* _Required work_
With the pictures removed, set down all of the entries below exactly.

* _Material provided_
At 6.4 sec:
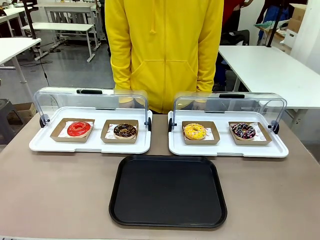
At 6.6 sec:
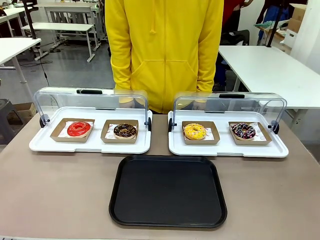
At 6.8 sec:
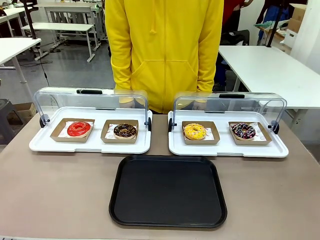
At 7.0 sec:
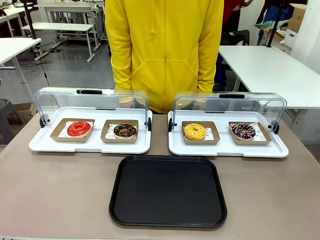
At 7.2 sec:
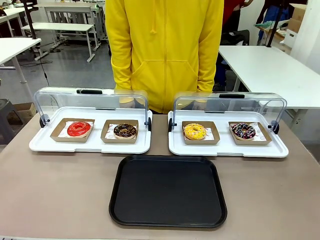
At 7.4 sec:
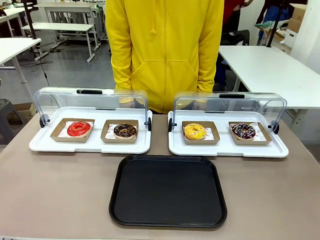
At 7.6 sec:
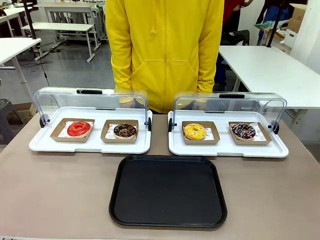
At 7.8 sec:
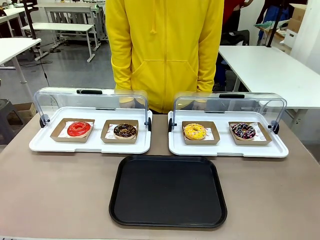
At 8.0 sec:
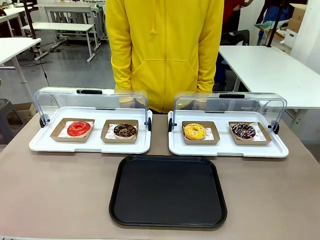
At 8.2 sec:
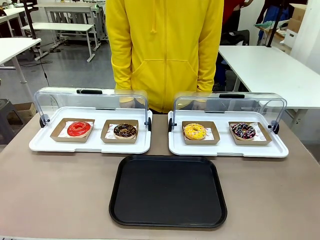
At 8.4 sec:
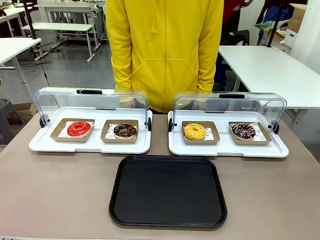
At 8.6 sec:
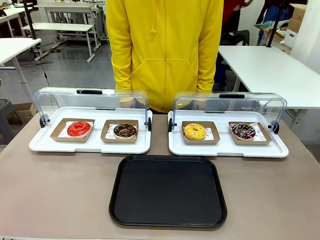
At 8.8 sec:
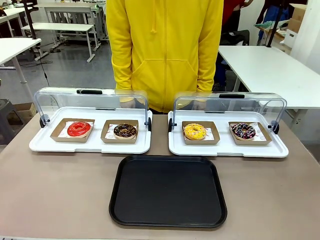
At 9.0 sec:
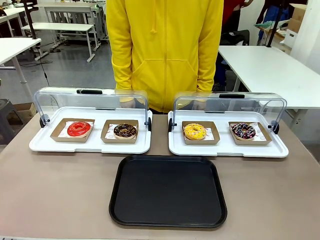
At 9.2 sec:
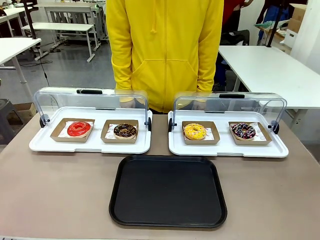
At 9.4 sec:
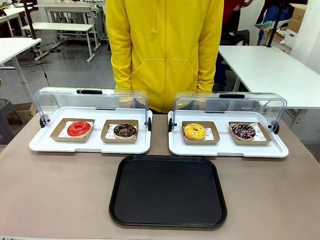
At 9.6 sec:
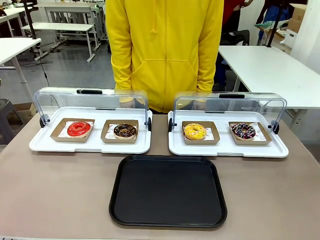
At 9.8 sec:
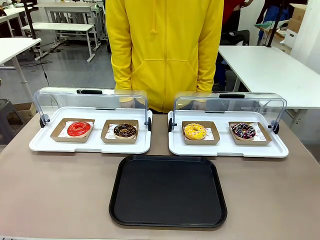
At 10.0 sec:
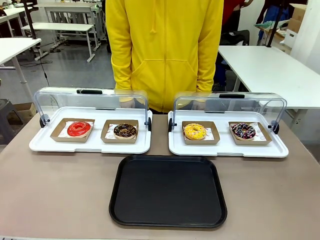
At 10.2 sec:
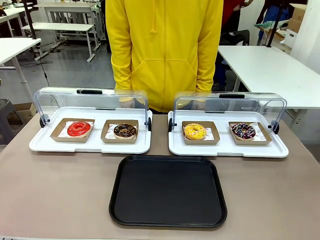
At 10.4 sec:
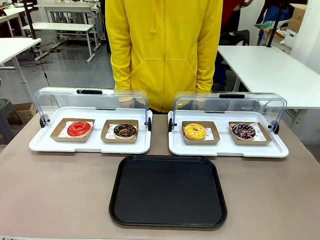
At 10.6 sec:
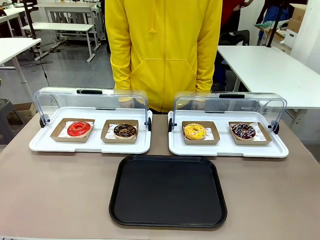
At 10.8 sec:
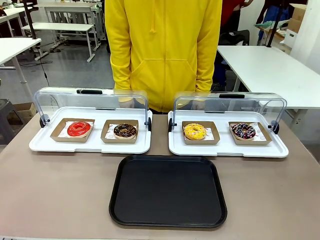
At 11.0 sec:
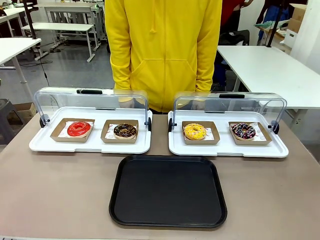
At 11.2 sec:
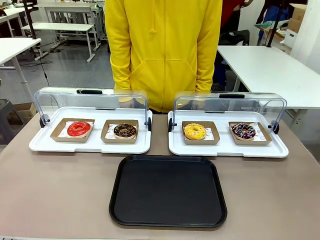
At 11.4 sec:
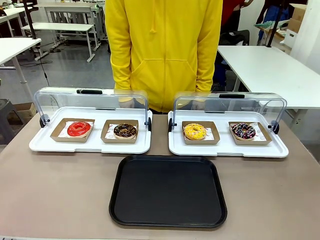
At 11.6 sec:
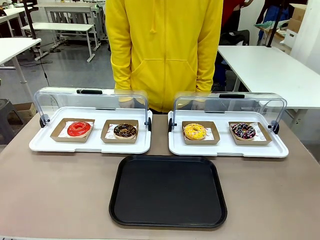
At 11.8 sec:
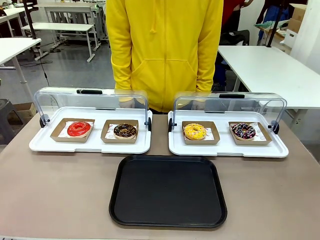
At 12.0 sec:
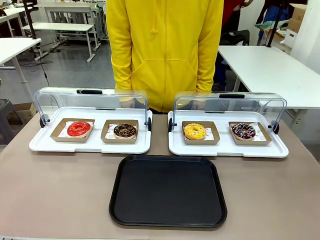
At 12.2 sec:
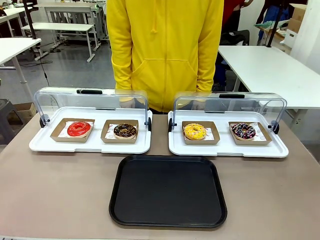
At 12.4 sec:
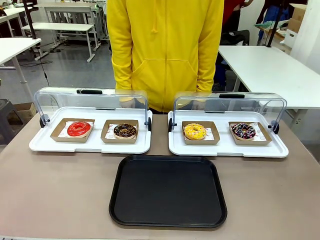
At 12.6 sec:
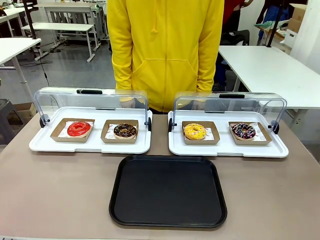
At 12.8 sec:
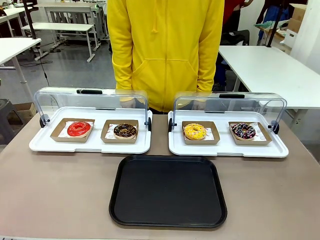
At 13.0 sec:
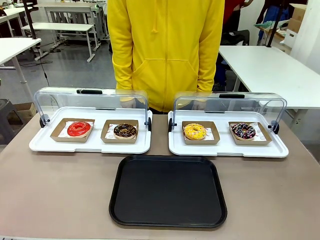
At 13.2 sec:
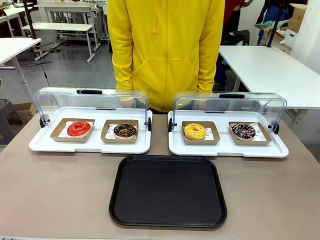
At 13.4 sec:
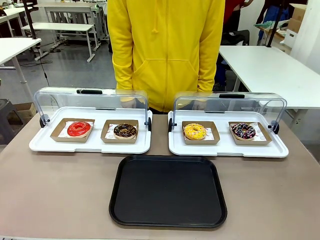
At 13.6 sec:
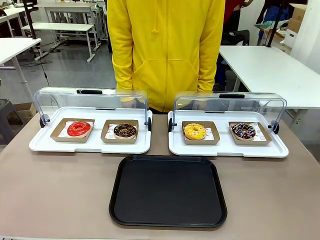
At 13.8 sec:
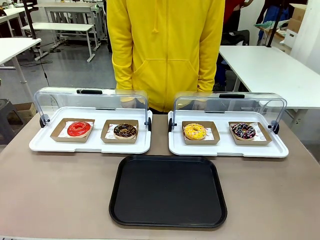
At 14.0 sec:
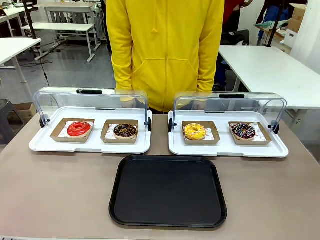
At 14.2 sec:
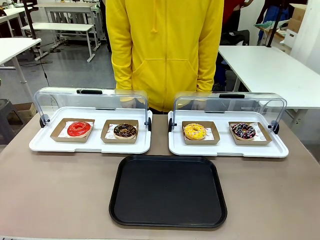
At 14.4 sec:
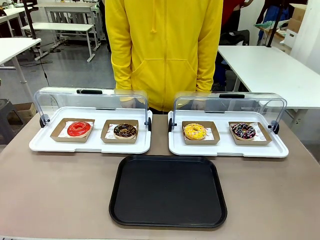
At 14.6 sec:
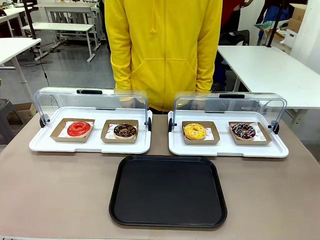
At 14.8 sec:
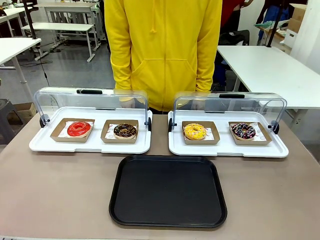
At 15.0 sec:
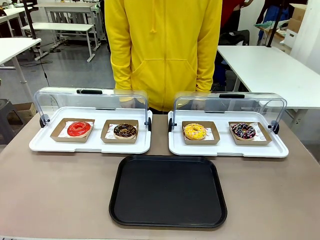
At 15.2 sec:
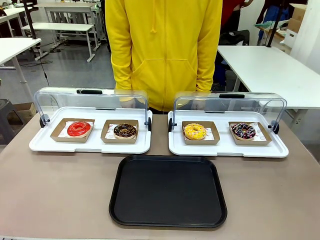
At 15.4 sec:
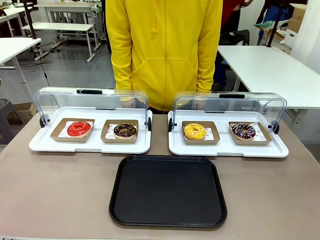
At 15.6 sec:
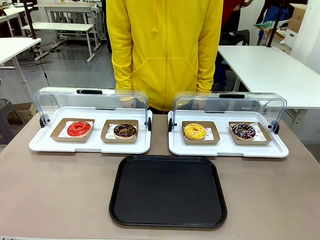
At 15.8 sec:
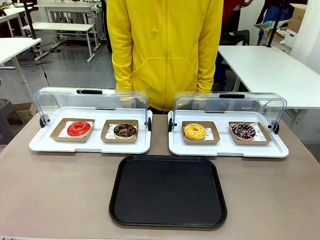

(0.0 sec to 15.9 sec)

* _Solved exercise_
At 6.4 sec:
At 6.6 sec:
At 6.8 sec:
At 7.0 sec:
At 7.2 sec:
At 7.4 sec:
At 7.6 sec:
At 7.8 sec:
At 8.0 sec:
At 8.2 sec:
At 8.4 sec:
At 8.6 sec:
At 8.8 sec:
At 9.0 sec:
At 9.2 sec:
At 9.4 sec:
At 9.6 sec:
At 9.8 sec:
At 10.0 sec:
At 10.2 sec:
At 10.4 sec:
At 10.6 sec:
At 10.8 sec:
At 11.0 sec:
At 11.2 sec:
At 11.4 sec:
At 11.6 sec:
At 11.8 sec:
At 12.0 sec:
At 12.2 sec:
At 12.4 sec:
At 12.6 sec:
At 12.8 sec:
At 13.0 sec:
At 13.2 sec:
At 13.4 sec:
At 13.6 sec:
At 13.8 sec:
At 14.0 sec:
At 14.2 sec:
At 14.4 sec:
At 14.6 sec:
At 14.8 sec:
At 15.0 sec:
At 15.2 sec:
At 15.4 sec:
At 15.6 sec:
At 15.8 sec:

(0.0 sec to 15.9 sec)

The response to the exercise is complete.